If a line in the data below holds the word "MASCHERINA", copy it.
· · · · · · ·
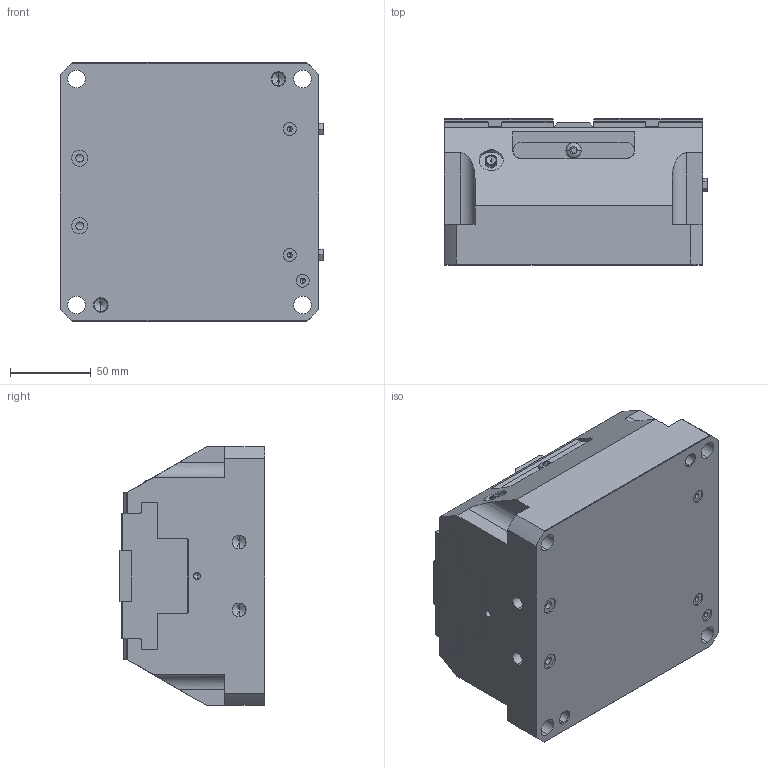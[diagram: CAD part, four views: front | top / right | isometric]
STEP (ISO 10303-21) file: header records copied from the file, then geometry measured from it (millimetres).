
FILE_DESCRIPTION((''),'2;1');
FILE_NAME('ILCM-VFB-160-C1-ID','2024-03-20T07:23:18',('AThompson'),(''),'CREO PARAMETRIC BY PTC INC, 2021164','CREO PARAMETRIC BY PTC INC, 2021164','');
FILE_SCHEMA(('AUTOMOTIVE_DESIGN { 1 0 10303 214 1 1 1 1 }'));
Length unit declared in the file: millimetre
Products named in the file (8): CORPO; GRIFFA_C1; COPERCHIO; ISO_2338_-_5_H8_X_10_-_B_3_; DIN_7991_-_M4X8; MASCHERINA-NO_SENS; VTB_M5; ILCM-VFB-160-C1-ID
Assembly tree (10 placements, depth 2):
  ILCM-VFB-160-C1-ID
    CORPO
    GRIFFA_C1  x2
    COPERCHIO
    ISO_2338_-_5_H8_X_10_-_B_3_  x2
    DIN_7991_-_M4X8  x2
    MASCHERINA-NO_SENS
    VTB_M5
Bounding box: 163 x 90.3 x 160 mm (x, y, z)
Volume: 1895093.9 mm3; surface area: 183735.7 mm2
Topology: 10 solids, 12 shells, 600 faces, 1525 edges, 925 vertices
Faces by surface type: plane 275, cylinder 171, cone 142, sphere 6, torus 4, bspline 2
Entity records: 16432 total; most frequent: CARTESIAN_POINT 2886, DIRECTION 2431, ORIENTED_EDGE 2192, EDGE_CURVE 1096, AXIS2_PLACEMENT_3D 877, VERTEX_POINT 707, VECTOR 653, LINE 653
· · · · · · ·
_Solution_.
Products named in the file (8): CORPO; GRIFFA_C1; COPERCHIO; ISO_2338_-_5_H8_X_10_-_B_3_; DIN_7991_-_M4X8; MASCHERINA-NO_SENS; VTB_M5; ILCM-VFB-160-C1-ID
    MASCHERINA-NO_SENS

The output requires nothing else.